Thursday, November 6, 2014

Reagan's Resounding Re-Election



Thirty years ago tonight, the nation witnessed its most recent classic national landslide when President Ronald Reagan won 49 of the 50 states against former Vice President Walter Mondale. When the numbers were counted, Reagan had more than 58% of the popular vote and more than 500 electoral votes.

Other presidential elections have been labeled landslide, but they weren't really. Not by the statistical definition of a landslide. The generally accepted benchmarks for a landslide have been when a candidate receives (1) at least 55% of the popular vote, (2) at least 400 electoral votes and (3) more votes than anyone else in at least three–fourths of the states.

In 1988, Reagan's vice president, George H.W. Bush came closest of anyone since Reagan's time to winning a true landslide. Bush won more than three–fourths of the states worth more than 400 electoral votes, but his popular vote tally was 53%. If he had won about 1.5 million votes that went instead to Democrat Michael Dukakis or other candidates on the ballot, Bush could have claimed a legitimate landslide.

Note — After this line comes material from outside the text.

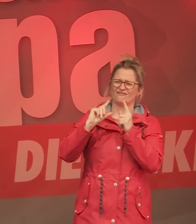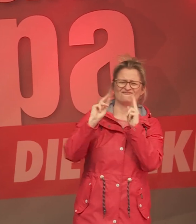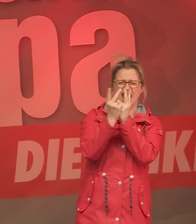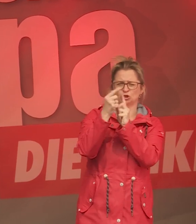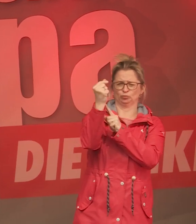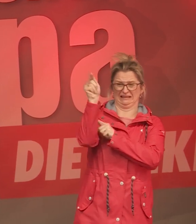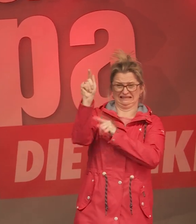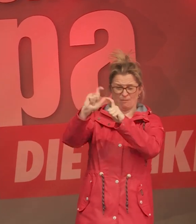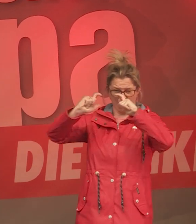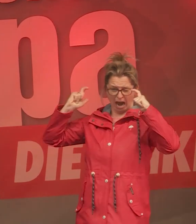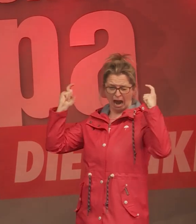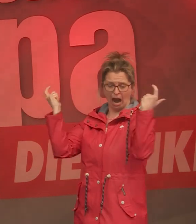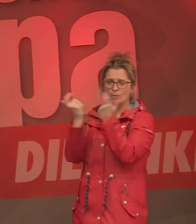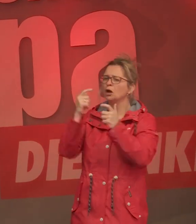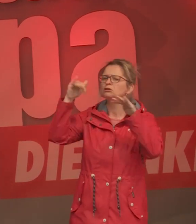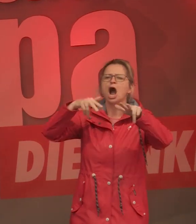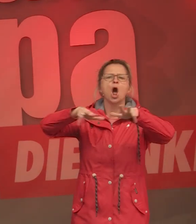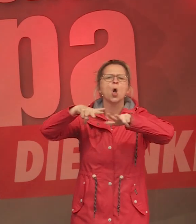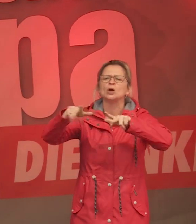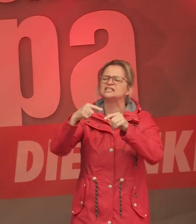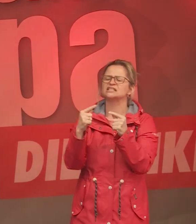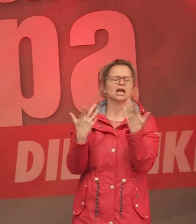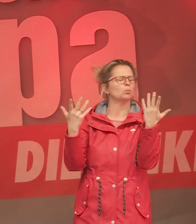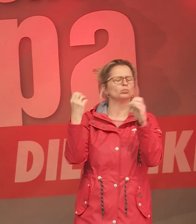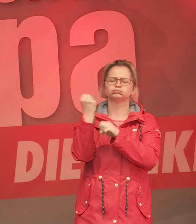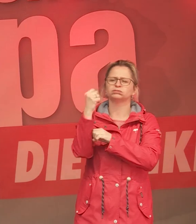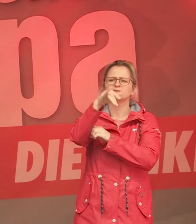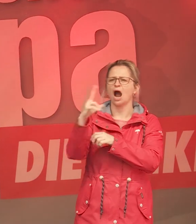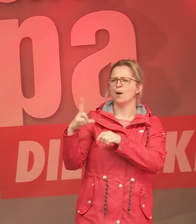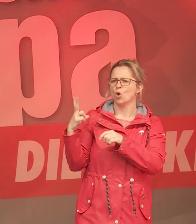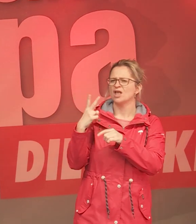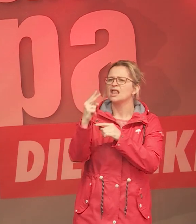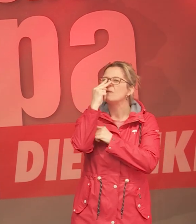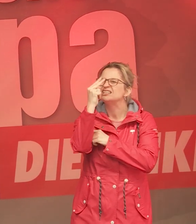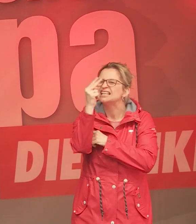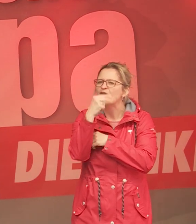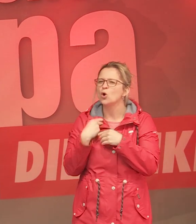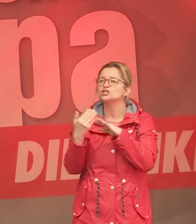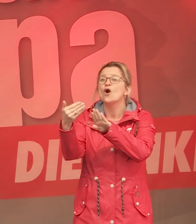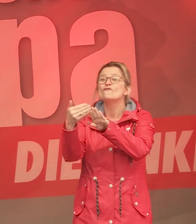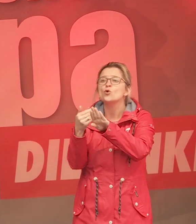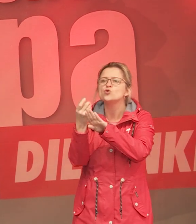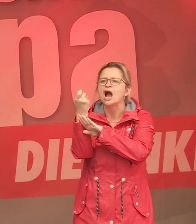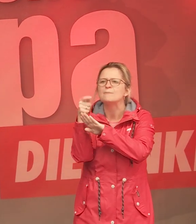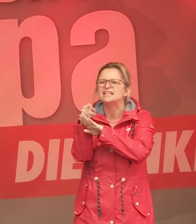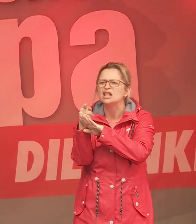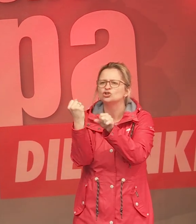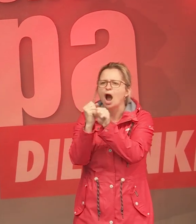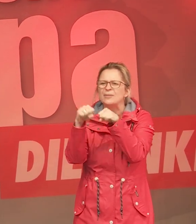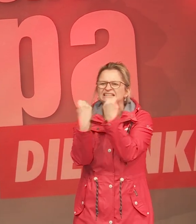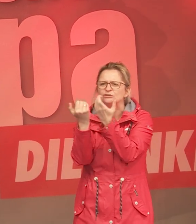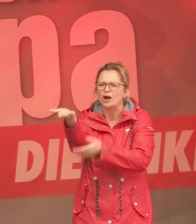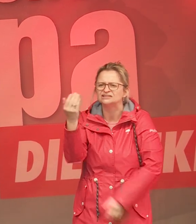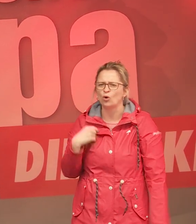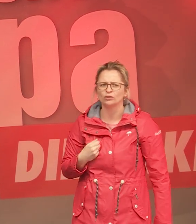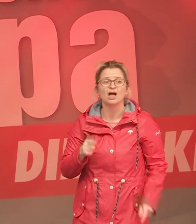im Übrigen interessant, modernste Logistik bei frühkapitalistischen Arbeitsverhältnissen, Amazon zahlt
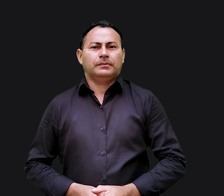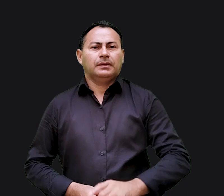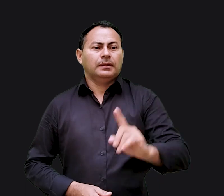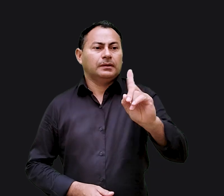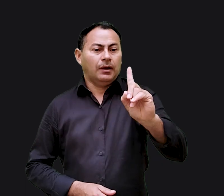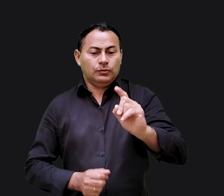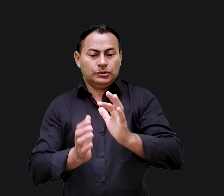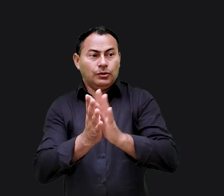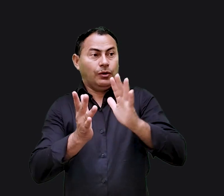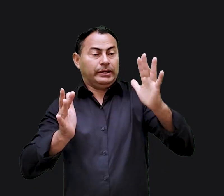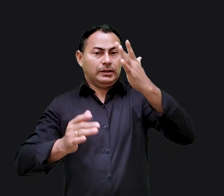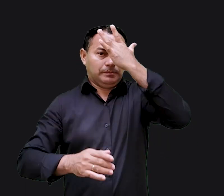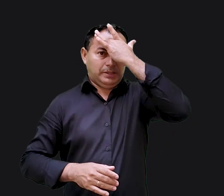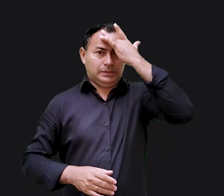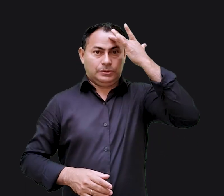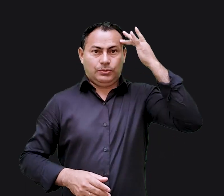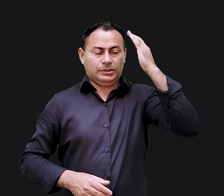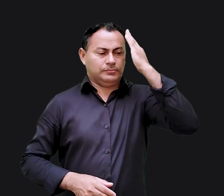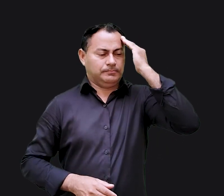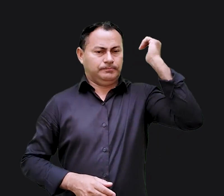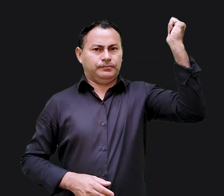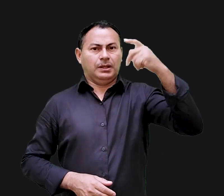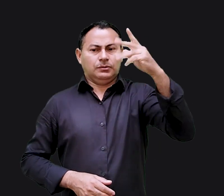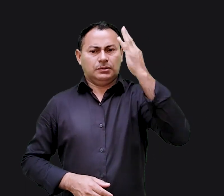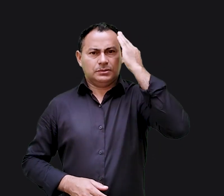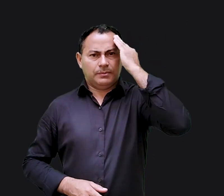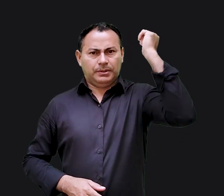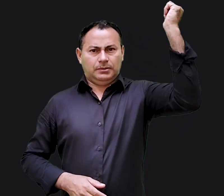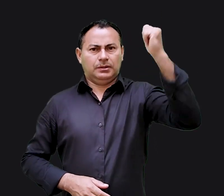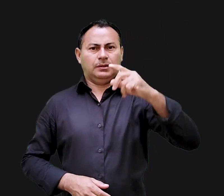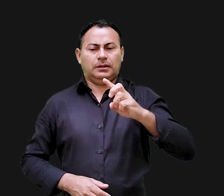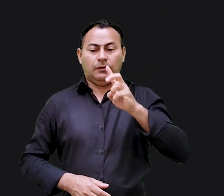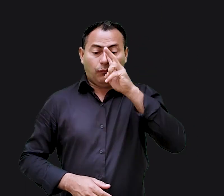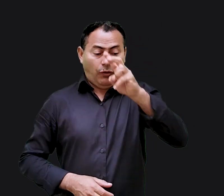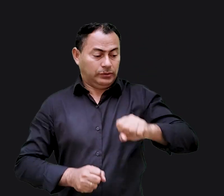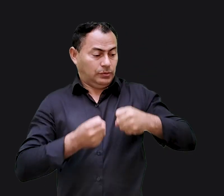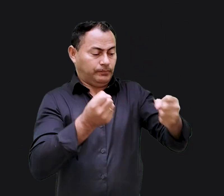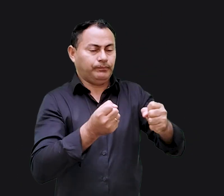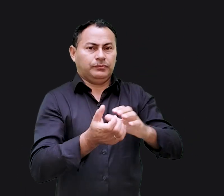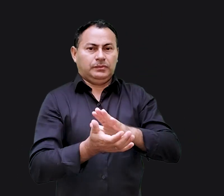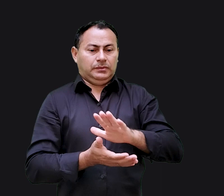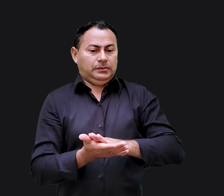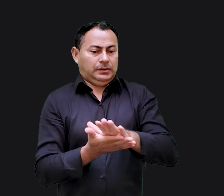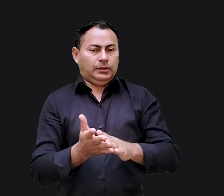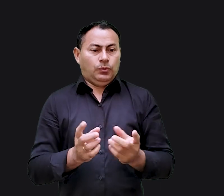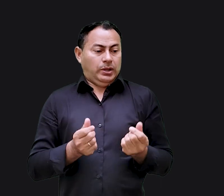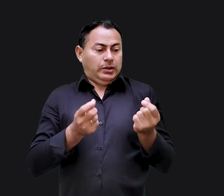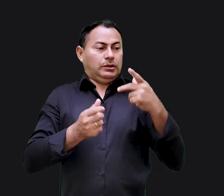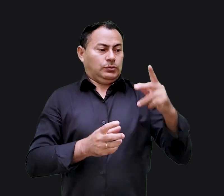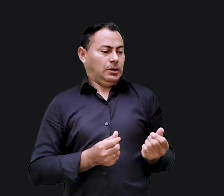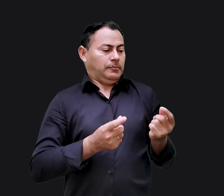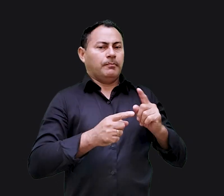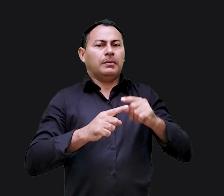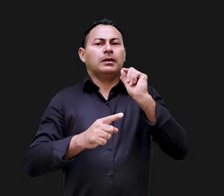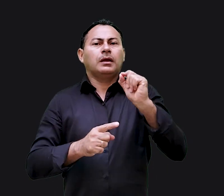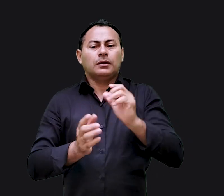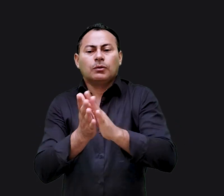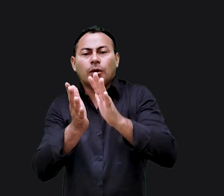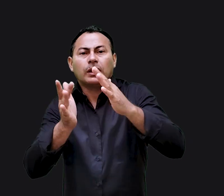Não se glorie o sábio em sua sabedoria, nem o forte em sua força, nem o rico em sua riqueza, mas

Bill Clinton's victories in 1992 and 1996 have been mentioned as landslides, but Clinton never exceeded 50% of the popular vote, nor did he win at least 400 electoral votes or carry three–fourths of the states.

George W. Bush was the winner of two cliffhangers. Barack Obama's margins were larger than Bush's, but he didn't meet any of the three requirements for a landslide, either.

It isn't easy to win by a landslide. Frankly, it is hard enough for most candidates simply to win. But Reagan was one of those people to whom triumph seemed to come easily. But that was really misleading. Reagan had his share of setbacks earlier in his life. Most Americans — outside the Californians who knew him as their governor — only really knew him in his later years, when things really did seem to come easily to him.

Reagan had his issues, and there are those who claim to this day that, when he won his second term, he was already experiencing the early stages of the dementia that eventually took his life, but his electoral accomplishments are beyond dispute.

His first election had been impressive — beating an incumbent president by 10 percentage points and sweeping all but half a dozen states — but his second election was resounding. It left no room for doubt about who was preferred by the voters.